Hi everyone, on this page you will find the code used to generate the figures in the “Introduction to Bioinformatics” EXMD 635 course lecture at McGill University on October 3rd, 2016. The code is provided for demonstration purposes. Please feel free to consult the blog section of this webpage for more detailed tutorials.

library("affy")

# Read the .CEL files and creates an AffyBatch object
myData <- ReadAffy(celfile.path="C:/Users/Radia/Desktop/HER2 project desktop/GSE22093_RAW")

# Checking the quality of the data before normalization
library("arrayQualityMetrics")

# For quality metrics prior to normalization
arrayQualityMetrics(myData, outdir="quality_results")

# Data normalization--------------------------------
# Unormalized data
par(mar=c(12,5,2,2))
boxplot(myData[, 1:6], las=2, ylab="Signal Intensity")

# Quantile Normalization
myData.quantile <- normalize.AffyBatch.quantiles(myData)
boxplot(myData.quantile[, 1:6], las=2, ylab="Signal Intensity")

# Loess Normalization
myData.loess <- normalize.AffyBatch.loess(myData)
boxplot(myData.loess[, 1:6], las=2, ylab="Signal Intensity")

# RMA normalization--------------------------------
# Creates an eset object from the AffyBatch object
eset <- rma(myData)
boxplot(exprs(eset), las=2, ylab="Expression Values")

# Checking the quality of the data after normalization
arrayQualityMetrics(expressionset=eset, outdir="Report_for_NormGSE22093", force=TRUE)

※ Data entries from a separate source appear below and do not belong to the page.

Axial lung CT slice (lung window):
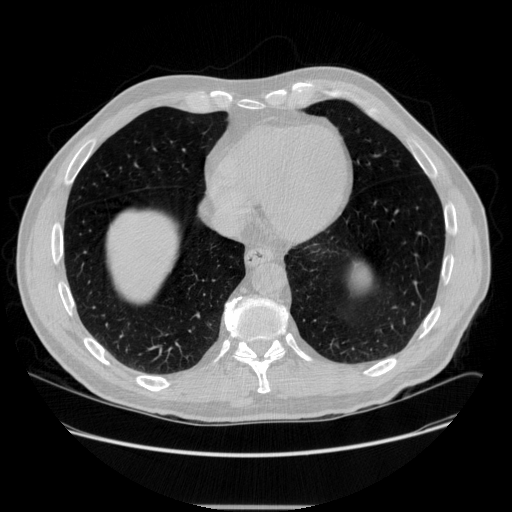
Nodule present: no
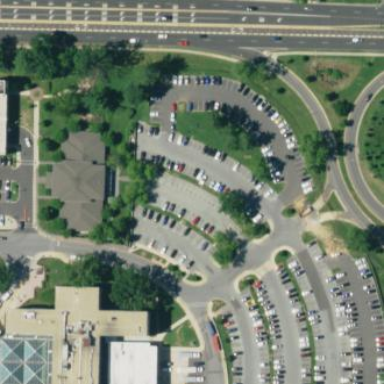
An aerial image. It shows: Street-side parking area.
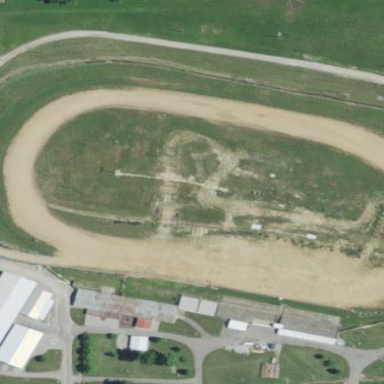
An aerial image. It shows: Motor sport raceway.
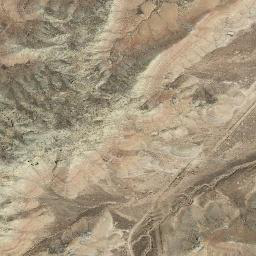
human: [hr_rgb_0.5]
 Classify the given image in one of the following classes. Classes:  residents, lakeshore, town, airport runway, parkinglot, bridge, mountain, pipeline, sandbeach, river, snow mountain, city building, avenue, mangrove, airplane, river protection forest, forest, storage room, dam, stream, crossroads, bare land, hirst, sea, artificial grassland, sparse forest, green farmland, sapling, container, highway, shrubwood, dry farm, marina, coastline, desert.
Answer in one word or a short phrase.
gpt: mountain
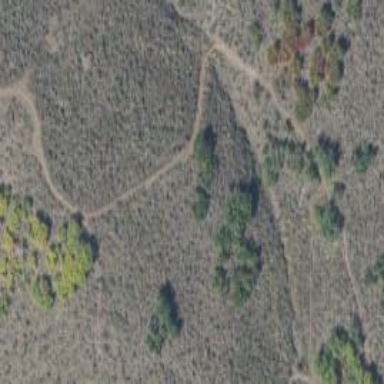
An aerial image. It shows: Path with excellent visibility for trail.
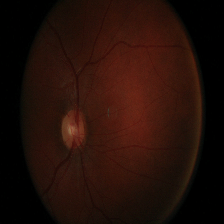
Diabetic retinopathy grade: Moderate
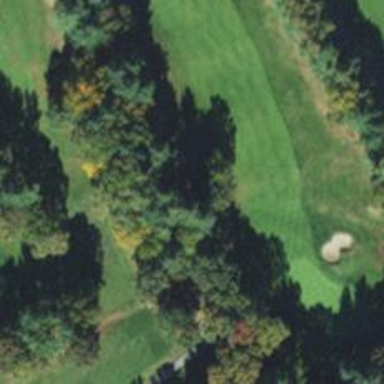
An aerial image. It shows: Path for both roads and golfers.
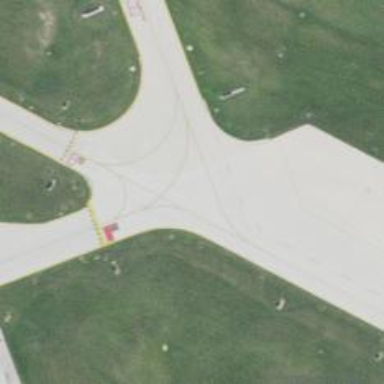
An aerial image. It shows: View of taxiway at the airport.
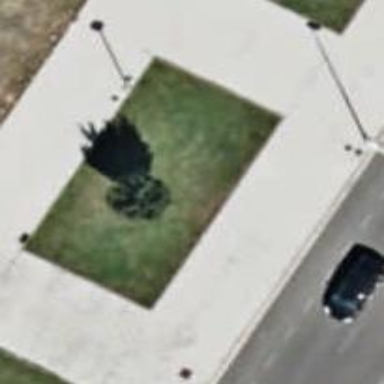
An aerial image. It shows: Evergreen broadleaved tree.
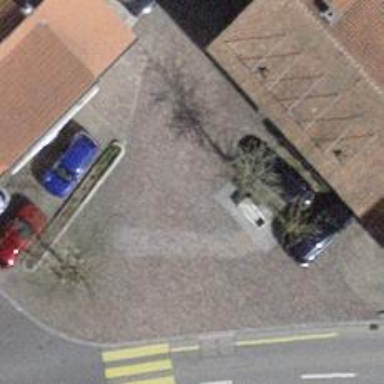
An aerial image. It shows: Residential road with cobblestone surface.
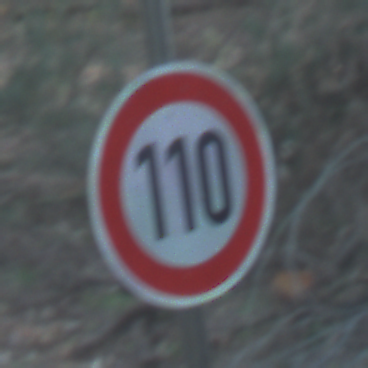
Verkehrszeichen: Geschwindigkeit110
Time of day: MorningAfternoon
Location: Outdoor (Nature)
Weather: Clear
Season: NotSpecified
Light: Natural
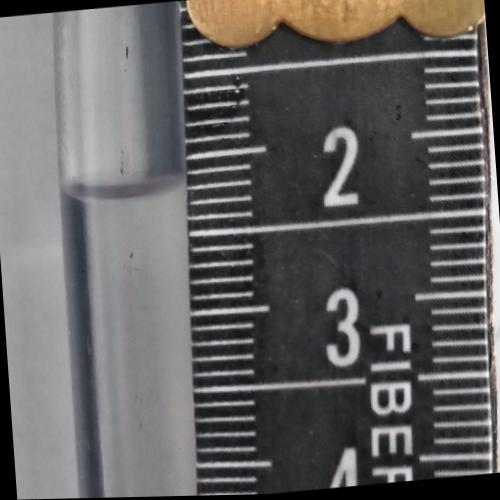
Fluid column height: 2.2 cm
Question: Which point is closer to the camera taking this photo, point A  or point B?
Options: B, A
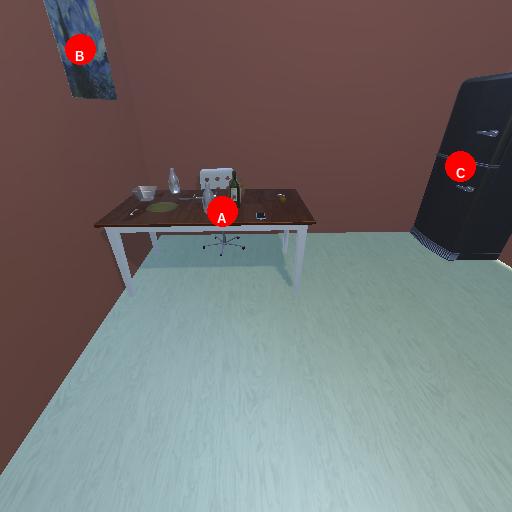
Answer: B
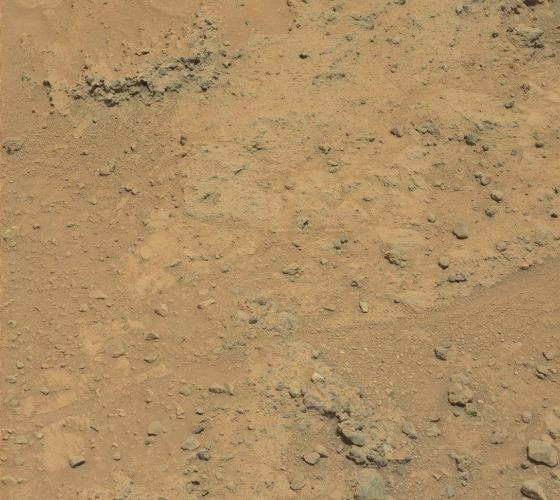
Terrain classes present: Bedrock, Gravel / Sand / Soil, Rock, Shadow
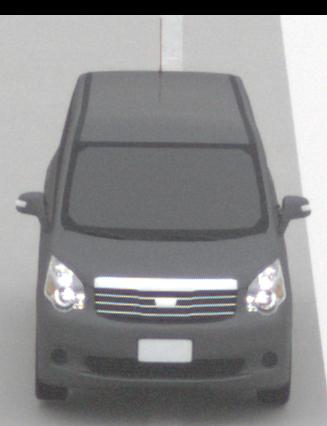
Make: Toyota
Model: Noah
Detailed model: Voxy R70G
Model produced from: 2007
Model produced until: 2013
Doors: 5
Color: gray
Road condition: dry road
Daytime: midday
Contrast: low contrast

#----------------------------------------------------------------
# Add pData to the eset object for downstream analysis
setwd("C:/Users/Radia/Desktop/HER2 project desktop")
load(file="GSE22093example.RData") # loads eset object

# Correct the colnames of the eset object
colnames(eset)
newNames <- gsub(".CEL.gz", "", colnames(eset))
colnames(eset) <- newNames

# Add the phonoData to the eset object
phenoData <- readRDS("HER2phenoData.rds")
head(phenoData)

pData(eset) <- phenoData

head(phenoData[, c(3:6, 10:11)])
tail(phenoData[, c(3:6, 10:11)])

saveRDS(eset, "eset.rds")
#----------------------------------------------------------------
# pData features for downstream analysis
# Simplify the names of our features of interest
p53status <- sapply(strsplit(as.character(phenoData$characteristics_ch1.3), ": "), function(x) x[[2]])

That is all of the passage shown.